_WORK INSTRUCTION_: The answer must be every line of the records in which the string "condensed" appears.

──────── PROVIDED MATERIAL

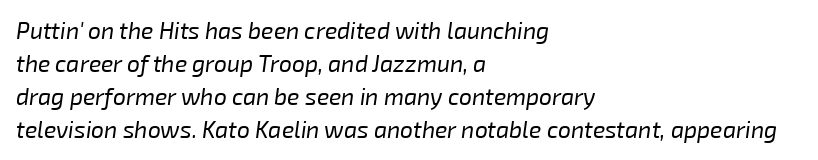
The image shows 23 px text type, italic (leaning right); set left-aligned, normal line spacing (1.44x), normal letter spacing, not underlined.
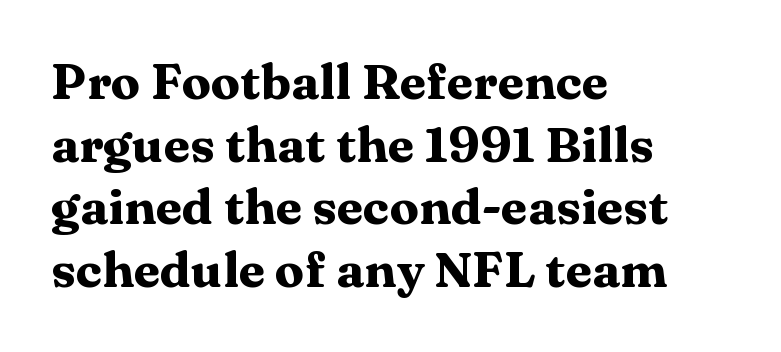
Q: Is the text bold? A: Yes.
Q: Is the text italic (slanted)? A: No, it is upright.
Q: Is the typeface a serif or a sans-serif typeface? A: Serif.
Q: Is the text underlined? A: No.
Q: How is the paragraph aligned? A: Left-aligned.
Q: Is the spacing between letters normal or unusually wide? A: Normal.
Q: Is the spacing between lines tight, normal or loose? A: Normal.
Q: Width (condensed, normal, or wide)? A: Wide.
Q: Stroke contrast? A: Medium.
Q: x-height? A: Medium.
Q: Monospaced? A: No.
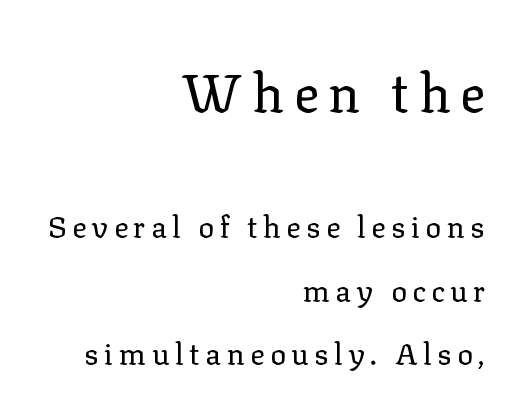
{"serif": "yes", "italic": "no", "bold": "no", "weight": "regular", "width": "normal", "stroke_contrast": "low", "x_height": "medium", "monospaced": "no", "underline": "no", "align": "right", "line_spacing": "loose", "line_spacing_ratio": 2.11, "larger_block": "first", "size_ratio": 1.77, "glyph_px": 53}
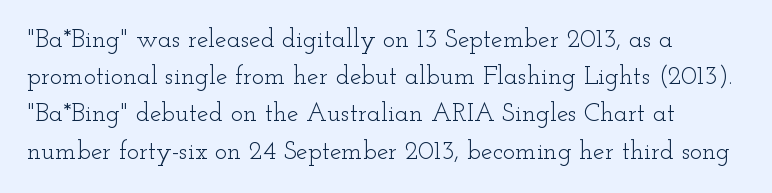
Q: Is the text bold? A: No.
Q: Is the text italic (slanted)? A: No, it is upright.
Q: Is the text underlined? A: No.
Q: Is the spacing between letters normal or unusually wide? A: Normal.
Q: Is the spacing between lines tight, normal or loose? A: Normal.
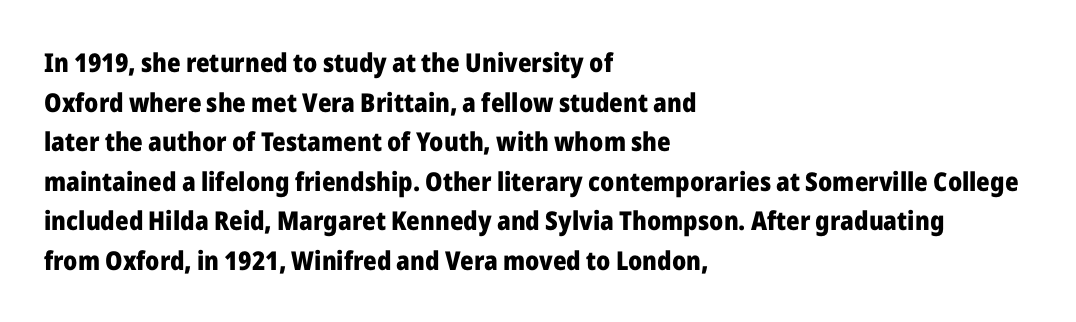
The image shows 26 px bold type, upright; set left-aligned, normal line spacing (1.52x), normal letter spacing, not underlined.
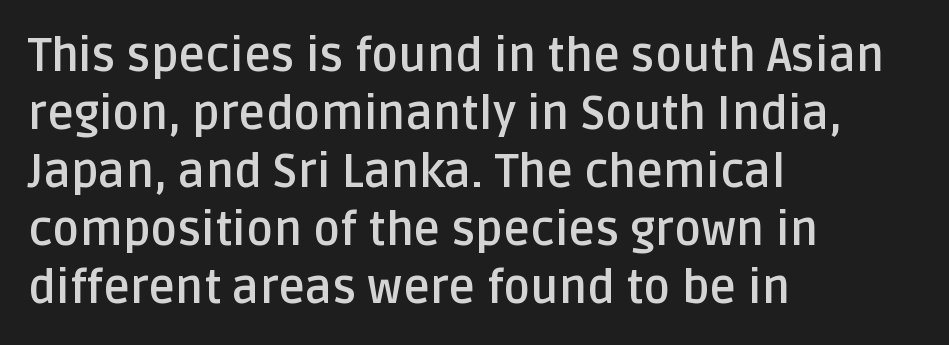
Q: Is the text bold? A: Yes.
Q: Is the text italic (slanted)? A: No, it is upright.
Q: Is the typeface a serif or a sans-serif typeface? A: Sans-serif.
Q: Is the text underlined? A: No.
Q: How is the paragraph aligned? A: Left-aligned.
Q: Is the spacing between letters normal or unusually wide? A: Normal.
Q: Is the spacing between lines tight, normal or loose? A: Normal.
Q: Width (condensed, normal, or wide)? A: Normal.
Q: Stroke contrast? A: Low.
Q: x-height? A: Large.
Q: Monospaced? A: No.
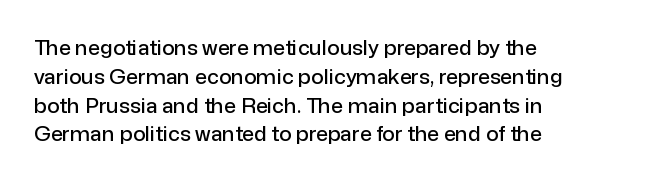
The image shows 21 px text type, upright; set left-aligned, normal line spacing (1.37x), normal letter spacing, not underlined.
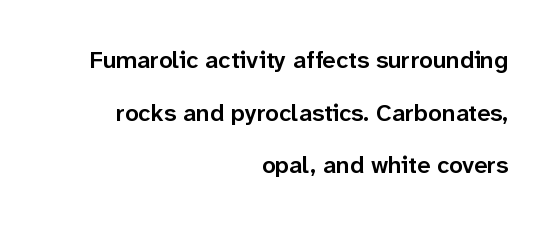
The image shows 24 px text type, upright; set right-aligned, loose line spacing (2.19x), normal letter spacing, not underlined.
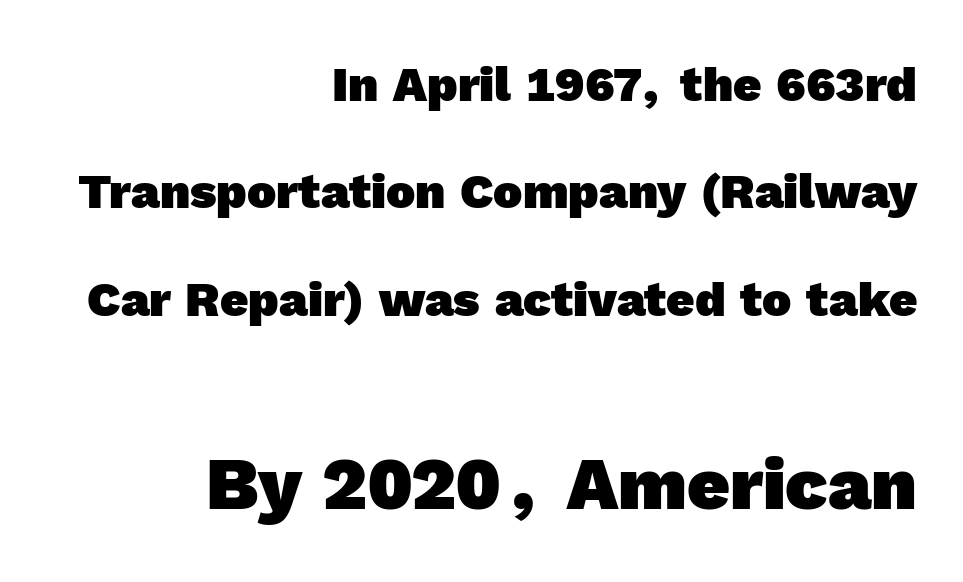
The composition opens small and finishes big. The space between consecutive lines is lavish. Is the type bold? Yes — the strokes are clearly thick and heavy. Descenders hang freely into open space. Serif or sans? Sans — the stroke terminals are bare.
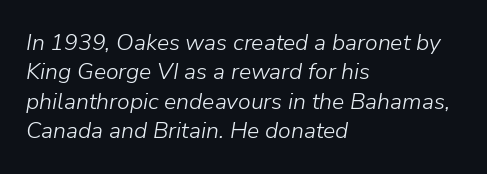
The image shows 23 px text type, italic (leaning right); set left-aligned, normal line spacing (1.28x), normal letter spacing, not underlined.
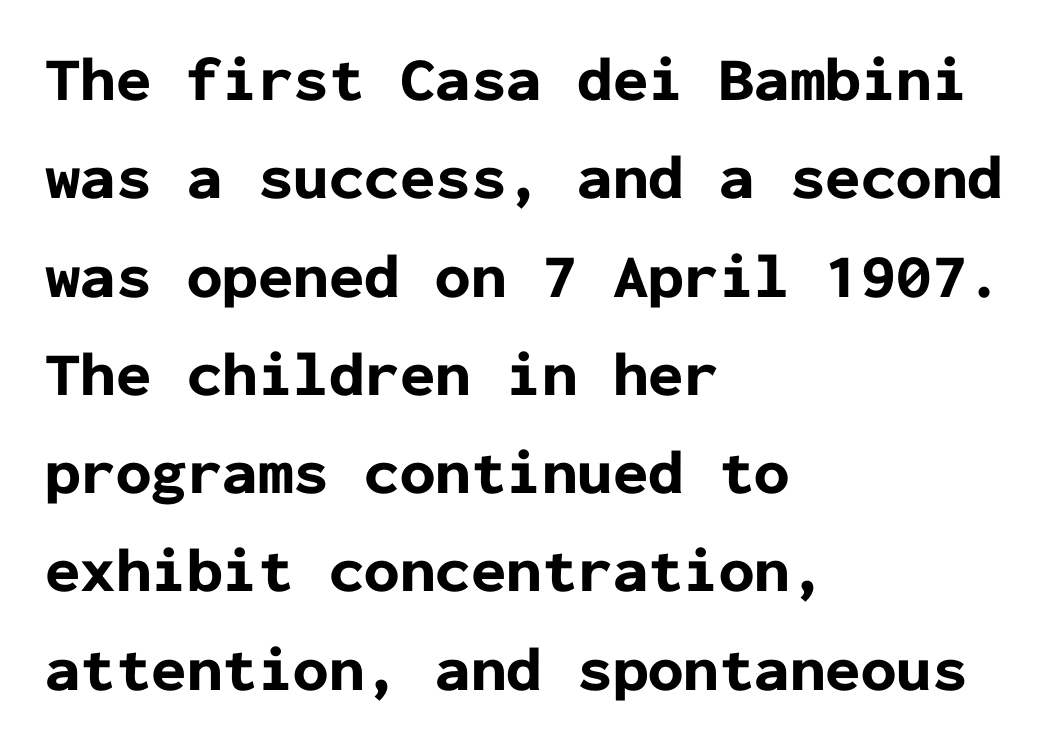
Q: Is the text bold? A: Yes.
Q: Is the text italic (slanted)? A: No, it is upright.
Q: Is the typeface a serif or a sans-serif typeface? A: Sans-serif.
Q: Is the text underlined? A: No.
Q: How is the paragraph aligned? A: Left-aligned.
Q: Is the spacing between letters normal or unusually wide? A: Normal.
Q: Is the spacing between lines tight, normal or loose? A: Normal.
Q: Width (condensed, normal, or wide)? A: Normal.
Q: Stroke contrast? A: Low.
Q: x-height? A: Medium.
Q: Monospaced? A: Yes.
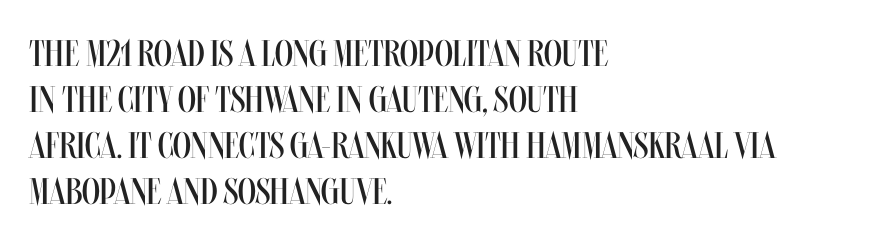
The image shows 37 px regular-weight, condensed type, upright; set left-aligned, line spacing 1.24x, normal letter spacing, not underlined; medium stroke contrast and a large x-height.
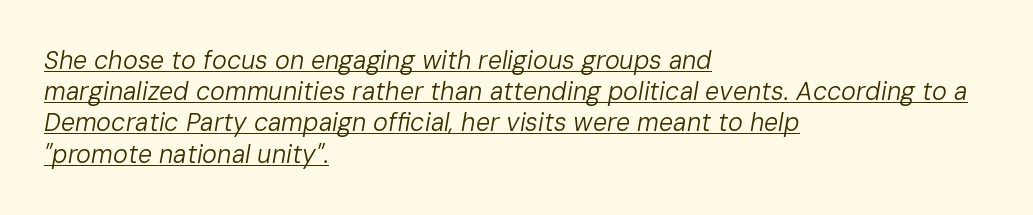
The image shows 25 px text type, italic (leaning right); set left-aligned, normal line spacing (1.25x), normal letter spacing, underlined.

────────────────

_EXPECTED OUTPUT_:
Q: Width (condensed, normal, or wide)? A: Wide.
Q: Width (condensed, normal, or wide)? A: Normal.
Q: Width (condensed, normal, or wide)? A: Normal.
The image shows 37 px regular-weight, condensed type, upright; set left-aligned, line spacing 1.24x, normal letter spacing, not underlined; medium stroke contrast and a large x-height.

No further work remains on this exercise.